Material for this task: Begin
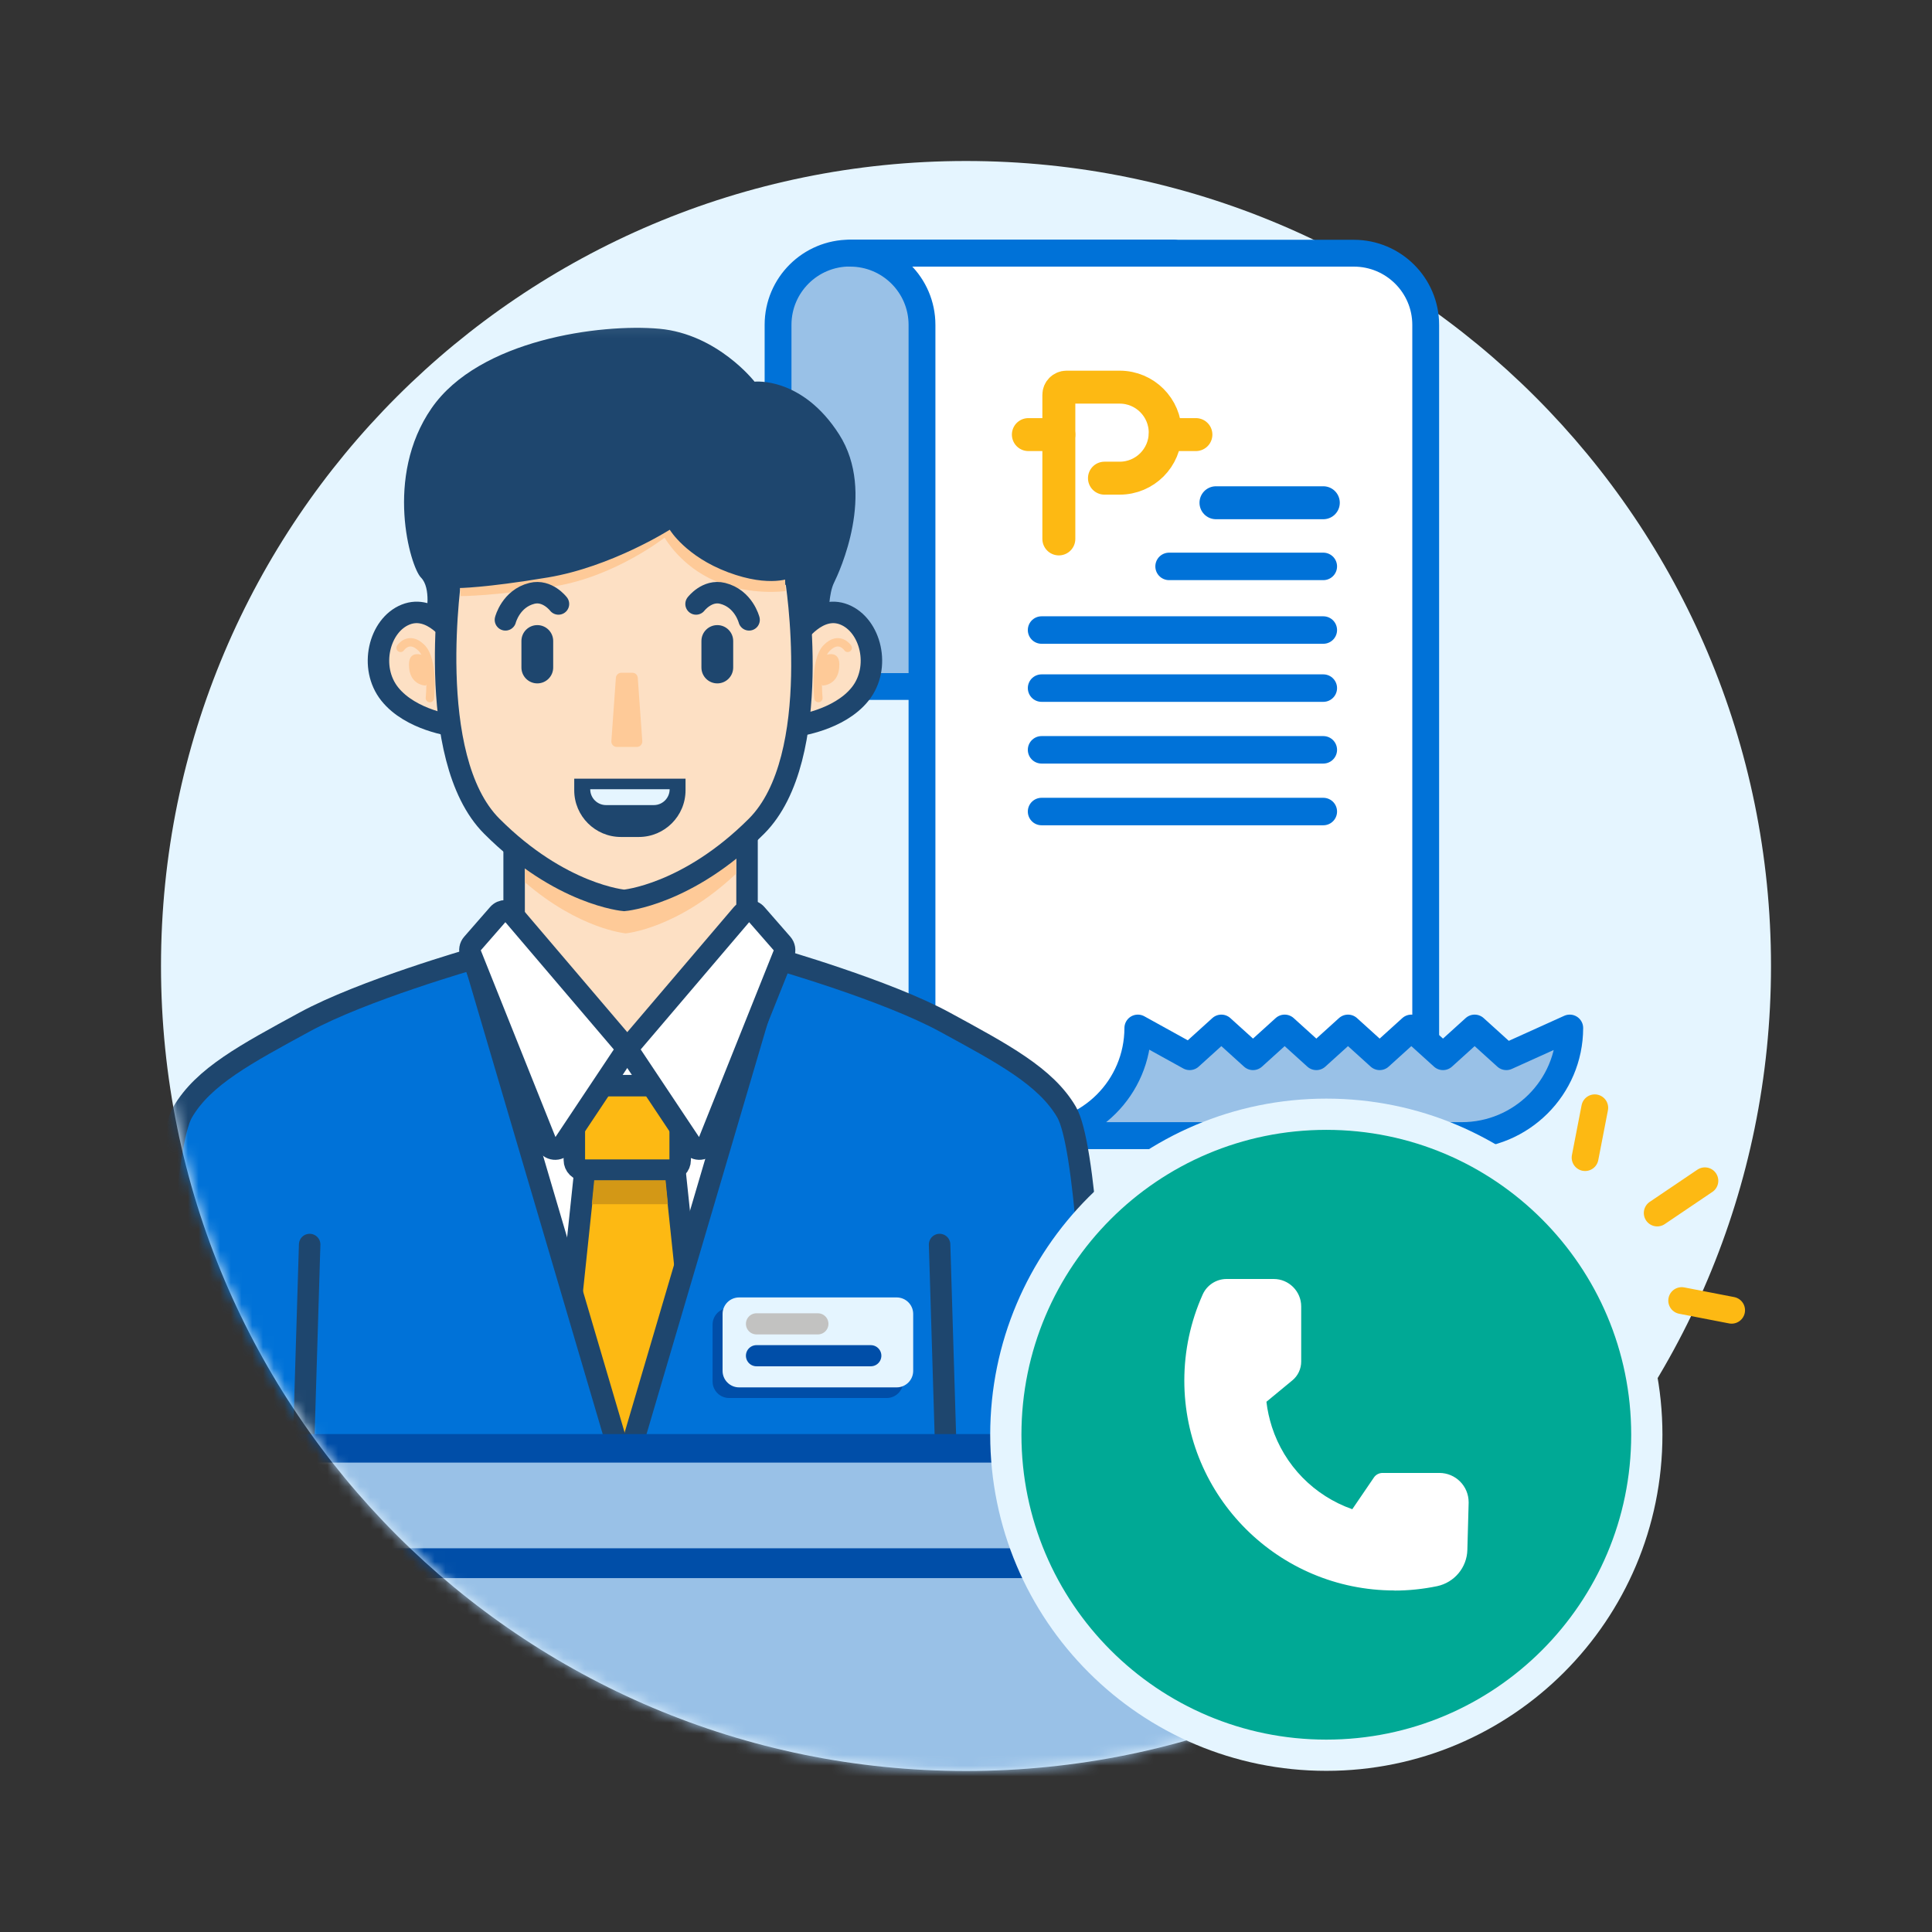 <svg width="180" height="180" viewBox="0 0 180 180" fill="none" xmlns="http://www.w3.org/2000/svg">
<rect x="0" y="0" width="180" height="180" fill="#333333" stroke="none"/>
<mask id="mask0_2056_3071" style="mask-type:luminance" maskUnits="userSpaceOnUse" x="0" y="0" width="180" height="180">
<path d="M180 0H0V180H180V0Z" fill="white"/>
</mask>
<g mask="url(#mask0_2056_3071)">
<path d="M90 165C131.421 165 165 131.421 165 90C165 48.579 131.421 15 90 15C48.579 15 15 48.579 15 90C15 131.421 48.579 165 90 165Z" fill="#E5F5FF"/>
<mask id="mask1_2056_3071" style="mask-type:luminance" maskUnits="userSpaceOnUse" x="15" y="15" width="150" height="150">
<path d="M90 165C48.58 165 15 131.42 15 90C15 48.58 48.58 15 90 15H165V90C165 131.42 131.42 165 90 165Z" fill="white"/>
</mask>
<g mask="url(#mask1_2056_3071)">
<path d="M72.49 63.96V30.26C72.49 26.56 75.5 23.57 79.2 23.58H109.37C105.67 23.58 102.67 26.57 102.67 30.26V63.96H72.5H72.49Z" fill="#99C1E7"/>
<path d="M72.49 63.96V30.26C72.49 26.56 75.5 23.57 79.2 23.58H109.37C105.67 23.58 102.67 26.57 102.67 30.26V63.96H72.5H72.49Z" stroke="#0072D8" stroke-width="2.5" stroke-linecap="round" stroke-linejoin="round"/>
<path d="M132.84 105.8H95.96C90.42 105.8 85.91 101.32 85.9 95.78V30.27C85.9 26.57 82.89 23.58 79.19 23.59H126.13C129.83 23.59 132.83 26.58 132.83 30.27V105.8H132.84Z" fill="white"/>
<path d="M132.84 105.8H95.96C90.42 105.8 85.91 101.32 85.9 95.78V30.27C85.9 26.57 82.89 23.58 79.19 23.59H126.13C129.83 23.59 132.83 26.58 132.83 30.27V105.8H132.84Z" stroke="#0072D8" stroke-width="2.5" stroke-linecap="round" stroke-linejoin="round"/>
<path d="M140.34 98.449L137.39 95.779L134.44 98.449L131.49 95.779L128.54 98.449L125.59 95.779L122.64 98.449L119.69 95.779L116.74 98.449L113.79 95.779L110.84 98.449L106.01 95.779C106 101.329 101.5 105.809 95.95 105.799H136.19C141.73 105.799 146.24 101.319 146.25 95.779L140.34 98.449Z" fill="#99C1E7"/>
<path d="M140.34 98.449L137.39 95.779L134.44 98.449L131.49 95.779L128.54 98.449L125.59 95.779L122.64 98.449L119.69 95.779L116.74 98.449L113.79 95.779L110.84 98.449L106.01 95.779C106 101.329 101.5 105.809 95.95 105.799H136.19C141.73 105.799 146.24 101.319 146.25 95.779L140.34 98.449Z" stroke="#0072D8" stroke-width="2.5" stroke-linecap="round" stroke-linejoin="round"/>
<path d="M98.65 50.21V36.78C98.65 36.39 98.97 36.07 99.36 36.07H104.32C106.66 36.07 108.56 37.97 108.56 40.31C108.56 42.65 106.66 44.55 104.32 44.55H102.9" stroke="#FDB913" stroke-width="3.07" stroke-linecap="round" stroke-linejoin="round"/>
<path d="M111.42 40.49H108.58" stroke="#FDB913" stroke-width="3.07" stroke-linecap="round" stroke-linejoin="round"/>
<path d="M98.65 40.49H95.81" stroke="#FDB913" stroke-width="3.07" stroke-linecap="round" stroke-linejoin="round"/>
<path d="M97.04 75.609H123.29" stroke="#0072D8" stroke-width="2.56" stroke-linecap="round" stroke-linejoin="round"/>
<path d="M97.04 69.859H123.29" stroke="#0072D8" stroke-width="2.56" stroke-linecap="round" stroke-linejoin="round"/>
<path d="M97.04 64.109H123.29" stroke="#0072D8" stroke-width="2.56" stroke-linecap="round" stroke-linejoin="round"/>
<path d="M97.04 58.699H123.29" stroke="#0072D8" stroke-width="2.56" stroke-linecap="round" stroke-linejoin="round"/>
<path d="M108.92 52.77H123.29" stroke="#0072D8" stroke-width="2.56" stroke-linecap="round" stroke-linejoin="round"/>
<path d="M113.29 46.84H123.29" stroke="#0072D8" stroke-width="3.07" stroke-linecap="round" stroke-linejoin="round"/>
<mask id="mask2_2056_3071" style="mask-type:luminance" maskUnits="userSpaceOnUse" x="3" y="30" width="111" height="131">
<path d="M113.8 30.08H3.04V160.28H113.8V30.08Z" fill="white"/>
</mask>
<g mask="url(#mask2_2056_3071)">
<path d="M69.6 77.969V97.699H68.8H47.9V77.969H69.6Z" fill="#FDE0C4" stroke="#1E466E" stroke-width="2" stroke-miterlimit="10"/>
<path d="M74.22 59.229C74.22 59.229 76.19 56.269 78.66 57.259C81.13 58.249 82.11 62.189 80.14 64.659C78.17 67.129 74.22 67.619 74.22 67.619V59.239V59.229Z" fill="#FDE0C4" stroke="#1E466E" stroke-width="2" stroke-miterlimit="10"/>
<path d="M68.57 78.689V81.409C63.12 86.549 58.3 86.959 58.3 86.959C58.3 86.959 54 86.589 48.92 82.209V78.689H68.57Z" fill="#FECA98"/>
<path d="M42.23 59.229C42.23 59.229 40.26 56.269 37.79 57.259C35.32 58.249 34.34 62.189 36.31 64.659C38.28 67.129 42.23 67.619 42.23 67.619V59.239V59.229Z" fill="#FDE0C4" stroke="#1E466E" stroke-width="2" stroke-miterlimit="10"/>
<path d="M70.48 76.979C64.07 83.389 58.15 83.889 58.15 83.889C58.15 83.889 52.23 83.399 45.82 76.979C39.41 70.569 42.06 53.309 42.06 53.309L58.83 47.389L74.12 53.799C74.12 53.799 76.89 70.569 70.48 76.979Z" fill="#FDE0C4" stroke="#1E466E" stroke-width="2" stroke-miterlimit="10"/>
<path d="M42.91 55.539C42.91 55.539 46.17 55.539 51.76 54.609C57.35 53.679 61.92 50.089 61.92 50.089C61.92 50.089 63.4 52.749 66.66 54.139C69.92 55.539 73.18 55.069 73.18 55.069L73.09 52.289C73.09 52.289 70.39 53.209 66.67 50.879C62.95 48.549 61.55 47.619 61.55 47.619C61.55 47.619 57.36 49.479 51.77 51.339C46.18 53.199 42.73 53.229 42.73 53.229L42.92 55.529L42.91 55.539Z" fill="#FECA98"/>
<path d="M62.39 49.359C62.39 49.359 56.96 52.809 51.05 53.799C45.13 54.789 42.67 54.789 42.67 54.789L42.18 57.749L39.71 57.259C39.71 57.259 40.2 54.789 39.22 53.809C38.23 52.819 35.77 44.439 40.21 38.029C44.65 31.619 55.99 30.139 61.42 30.629C66.85 31.119 70.3 35.559 70.3 35.559C70.3 35.559 74.74 35.069 78.19 40.489C81.64 45.909 78.19 53.309 77.7 54.299C77.21 55.289 77.21 57.259 77.21 57.259C77.21 57.259 76.72 57.259 75.73 58.249C75.24 58.739 74.25 59.239 74.25 59.239L73.76 53.809C73.76 53.809 71.79 54.799 67.84 53.319C63.89 51.839 62.41 49.369 62.41 49.369L62.39 49.359Z" fill="#1E466E"/>
<path d="M51.54 59.72C51.54 58.903 50.877 58.24 50.06 58.24C49.243 58.24 48.58 58.903 48.58 59.72V62.19C48.58 63.008 49.243 63.67 50.06 63.67C50.877 63.67 51.54 63.008 51.54 62.19V59.72Z" fill="#1E466E"/>
<path d="M68.31 59.72C68.31 58.903 67.647 58.24 66.83 58.24C66.013 58.24 65.35 58.903 65.35 59.72V62.19C65.35 63.008 66.013 63.67 66.83 63.67C67.647 63.67 68.31 63.008 68.31 62.19V59.72Z" fill="#1E466E"/>
<path d="M52.03 56.27C52.03 56.27 51 54.92 49.56 55.28C47.59 55.77 47.09 57.75 47.09 57.75" stroke="#1E466E" stroke-width="2" stroke-linecap="round" stroke-linejoin="round"/>
<path d="M64.85 56.27C64.85 56.27 65.88 54.92 67.32 55.28C69.29 55.77 69.79 57.75 69.79 57.75" stroke="#1E466E" stroke-width="2" stroke-linecap="round" stroke-linejoin="round"/>
<path d="M53.51 72.549H63.87V73.629C63.87 76.029 61.92 77.979 59.52 77.979H57.85C55.45 77.979 53.5 76.029 53.5 73.629V72.549H53.51Z" fill="#1E466E"/>
<path d="M54.99 73.529H62.39C62.39 74.349 61.73 75.009 60.91 75.009H56.47C55.65 75.009 54.99 74.349 54.99 73.529Z" fill="#E5F5FF"/>
<path d="M59.34 69.59H57.46C57.17 69.59 56.94 69.34 56.96 69.05L57.38 63.15C57.4 62.89 57.62 62.68 57.88 62.68H58.92C59.18 62.68 59.4 62.88 59.42 63.15L59.84 69.05C59.86 69.34 59.63 69.59 59.34 69.59Z" fill="#FECA98"/>
<path d="M70.28 97.209H46.11V128.279H70.28V97.209Z" fill="white"/>
<path d="M62.41 101.148H54.47C53.94 101.148 53.51 101.578 53.51 102.108V108.078C53.51 108.609 53.94 109.038 54.47 109.038H62.41C62.941 109.038 63.37 108.609 63.37 108.078V102.108C63.37 101.578 62.941 101.148 62.41 101.148Z" fill="#FDB913" stroke="#1E466E" stroke-width="2" stroke-miterlimit="10"/>
<path d="M54.5 109.039H62.88L66.83 146.529H50.55L54.5 109.039Z" fill="#FDB913" stroke="#1E466E" stroke-width="2" stroke-miterlimit="10"/>
<path d="M87.54 115.949L89.02 164.779H58.44V136.169L72.25 89.309C72.25 89.309 82.61 92.269 88.03 95.229C93.46 98.189 97.43 100.289 99.37 103.609C102.82 109.529 102.82 164.609 102.82 164.609L86.55 164.769" fill="#0072D8"/>
<path d="M87.54 115.949L89.02 164.779H58.44V136.169L72.25 89.309C72.25 89.309 82.61 92.269 88.03 95.229C93.46 98.189 97.43 100.289 99.37 103.609C102.82 109.529 102.82 164.609 102.82 164.609L86.55 164.769" stroke="#1E466E" stroke-width="2" stroke-linecap="round" stroke-linejoin="round"/>
<path d="M28.85 115.949L27.37 164.779H57.95V136.169L44.14 89.309C44.14 89.309 33.78 92.269 28.36 95.229C22.93 98.189 18.96 100.289 17.02 103.609C13.57 109.529 14.04 164.609 14.04 164.609L29.85 164.769" fill="#0072D8"/>
<path d="M28.85 115.949L27.37 164.779H57.95V136.169L44.14 89.309C44.14 89.309 33.78 92.269 28.36 95.229C22.93 98.189 18.96 100.289 17.02 103.609C13.57 109.529 14.04 164.609 14.04 164.609L29.85 164.769" stroke="#1E466E" stroke-width="2" stroke-linecap="round" stroke-linejoin="round"/>
<path d="M58.88 97.189L69.12 85.169C69.47 84.759 70.11 84.749 70.47 85.169L72.88 87.929C73.1 88.179 73.16 88.539 73.04 88.849L65.98 106.499C65.71 107.169 64.81 107.259 64.41 106.659L58.82 98.269C58.6 97.939 58.63 97.499 58.88 97.199V97.189Z" fill="white" stroke="#1E466E" stroke-width="2" stroke-linecap="round" stroke-linejoin="round"/>
<path d="M58 97.189L47.76 85.169C47.41 84.759 46.77 84.749 46.41 85.169L44 87.929C43.78 88.179 43.72 88.539 43.84 88.849L50.9 106.499C51.17 107.169 52.07 107.259 52.47 106.659L58.06 98.269C58.28 97.939 58.25 97.499 58 97.199V97.189Z" fill="white" stroke="#1E466E" stroke-width="2" stroke-linecap="round" stroke-linejoin="round"/>
<path d="M82.61 121.869H67.93C67.08 121.869 66.39 122.559 66.39 123.409V128.709C66.39 129.56 67.08 130.249 67.93 130.249H82.61C83.461 130.249 84.15 129.56 84.15 128.709V123.409C84.15 122.559 83.461 121.869 82.61 121.869Z" fill="#004EA8"/>
<path d="M83.54 120.879H68.86C68.01 120.879 67.32 121.568 67.32 122.419V127.719C67.32 128.569 68.01 129.259 68.86 129.259H83.54C84.391 129.259 85.08 128.569 85.08 127.719V122.419C85.08 121.568 84.391 120.879 83.54 120.879Z" fill="#E5F5FF"/>
<path d="M70.48 123.34H76.2" stroke="#C2C2C1" stroke-width="1.97" stroke-miterlimit="10" stroke-linecap="round"/>
<path d="M70.48 126.309H81.13" stroke="#004EA8" stroke-width="1.97" stroke-miterlimit="10" stroke-linecap="round"/>
<path d="M78.98 60.36C78.98 60.36 78.2 59.19 77.03 60.36C75.86 61.53 76.25 65.04 76.25 65.04" stroke="#FECA98" stroke-width="0.78" stroke-linecap="round" stroke-linejoin="round"/>
<path d="M76.64 63.87C76.64 63.87 78.2 63.87 78.2 61.92C78.2 60.36 76.64 61.14 76.64 61.14C76.64 61.14 76.25 61.92 76.25 62.7C76.25 63.48 76.64 63.87 76.64 63.87Z" fill="#FECA98"/>
<path d="M55.36 109.959H62.01L62.23 112.189H55.14L55.36 109.959Z" fill="#D39816"/>
<path d="M37.32 60.36C37.32 60.36 38.1 59.19 39.27 60.36C40.44 61.53 40.05 65.04 40.05 65.04" stroke="#FECA98" stroke-width="0.78" stroke-linecap="round" stroke-linejoin="round"/>
<path d="M39.66 63.87C39.66 63.87 38.1 63.87 38.1 61.92C38.1 60.36 39.66 61.14 39.66 61.14C39.66 61.14 40.05 61.92 40.05 62.7C40.05 63.48 39.66 63.87 39.66 63.87Z" fill="#FECA98"/>
</g>
<path d="M148.81 134.939H22.3V145.639H148.81V134.939Z" fill="#99C1E7" stroke="#004EA8" stroke-width="2.66" stroke-linecap="round" stroke-linejoin="round"/>
<path d="M143.02 145.641H28.88V167.031H143.02V145.641Z" fill="#99C1E7" stroke="#004EA8" stroke-width="2.78" stroke-linecap="round" stroke-linejoin="round"/>
</g>
<path d="M153.43 133.671C153.43 150.161 140.06 163.531 123.57 163.531C107.08 163.531 93.71 150.161 93.71 133.671C93.71 117.181 107.08 103.811 123.57 103.811C140.06 103.811 153.43 117.181 153.43 133.671Z" fill="#00A995" stroke="#E5F5FF" stroke-width="2.91" stroke-miterlimit="10"/>
<path d="M129.92 148.18C119.11 148.18 110.34 139.43 110.34 128.62C110.34 125.86 110.92 123.13 112.05 120.61C112.44 119.73 113.32 119.16 114.28 119.16H118.67C120.08 119.16 121.23 120.31 121.23 121.72V126.85C121.23 127.53 120.93 128.18 120.4 128.61L117.99 130.6C118.08 131.4 118.26 132.18 118.5 132.94C119.66 136.53 122.43 139.36 125.99 140.61L128 137.66C128.18 137.39 128.49 137.23 128.81 137.23H134.1C135.61 137.23 136.83 138.45 136.83 139.96C136.83 139.98 136.83 140.01 136.83 140.03L136.71 144.4C136.67 146.04 135.5 147.44 133.89 147.78C132.58 148.05 131.25 148.19 129.92 148.19V148.18Z" fill="white"/>
<path d="M154.4 113.012L158.84 110.012" stroke="#FDB913" stroke-width="2.5" stroke-linecap="round" stroke-linejoin="round"/>
<path d="M147.68 107.851L148.58 103.211" stroke="#FDB913" stroke-width="2.5" stroke-linecap="round" stroke-linejoin="round"/>
<path d="M161.33 122.072L156.68 121.172" stroke="#FDB913" stroke-width="2.5" stroke-linecap="round" stroke-linejoin="round"/>
</g>
</svg>
Material for this task: End
### Exercise aim
Copy the lines above exactly, beginning at the line that has "59.229C42.23 59.229 40.26" and stopping after the line that has "59.72C51.54 58.903 50.877", and omit the rest.

### Problem solution
<path d="M42.23 59.229C42.23 59.229 40.26 56.269 37.79 57.259C35.32 58.249 34.34 62.189 36.31 64.659C38.28 67.129 42.23 67.619 42.23 67.619V59.239V59.229Z" fill="#FDE0C4" stroke="#1E466E" stroke-width="2" stroke-miterlimit="10"/>
<path d="M70.48 76.979C64.07 83.389 58.15 83.889 58.15 83.889C58.15 83.889 52.23 83.399 45.82 76.979C39.41 70.569 42.06 53.309 42.06 53.309L58.83 47.389L74.12 53.799C74.12 53.799 76.89 70.569 70.48 76.979Z" fill="#FDE0C4" stroke="#1E466E" stroke-width="2" stroke-miterlimit="10"/>
<path d="M42.91 55.539C42.91 55.539 46.17 55.539 51.76 54.609C57.35 53.679 61.92 50.089 61.92 50.089C61.92 50.089 63.4 52.749 66.66 54.139C69.92 55.539 73.18 55.069 73.18 55.069L73.09 52.289C73.09 52.289 70.39 53.209 66.67 50.879C62.95 48.549 61.55 47.619 61.55 47.619C61.55 47.619 57.36 49.479 51.77 51.339C46.18 53.199 42.73 53.229 42.73 53.229L42.92 55.529L42.91 55.539Z" fill="#FECA98"/>
<path d="M62.39 49.359C62.39 49.359 56.96 52.809 51.05 53.799C45.13 54.789 42.67 54.789 42.67 54.789L42.18 57.749L39.71 57.259C39.71 57.259 40.2 54.789 39.22 53.809C38.23 52.819 35.77 44.439 40.21 38.029C44.65 31.619 55.99 30.139 61.42 30.629C66.85 31.119 70.3 35.559 70.3 35.559C70.3 35.559 74.74 35.069 78.19 40.489C81.64 45.909 78.19 53.309 77.7 54.299C77.21 55.289 77.21 57.259 77.21 57.259C77.21 57.259 76.72 57.259 75.73 58.249C75.24 58.739 74.25 59.239 74.25 59.239L73.76 53.809C73.76 53.809 71.79 54.799 67.84 53.319C63.89 51.839 62.41 49.369 62.41 49.369L62.39 49.359Z" fill="#1E466E"/>
<path d="M51.54 59.72C51.54 58.903 50.877 58.24 50.06 58.24C49.243 58.24 48.58 58.903 48.58 59.72V62.19C48.58 63.008 49.243 63.67 50.06 63.67C50.877 63.67 51.54 63.008 51.54 62.19V59.72Z" fill="#1E466E"/>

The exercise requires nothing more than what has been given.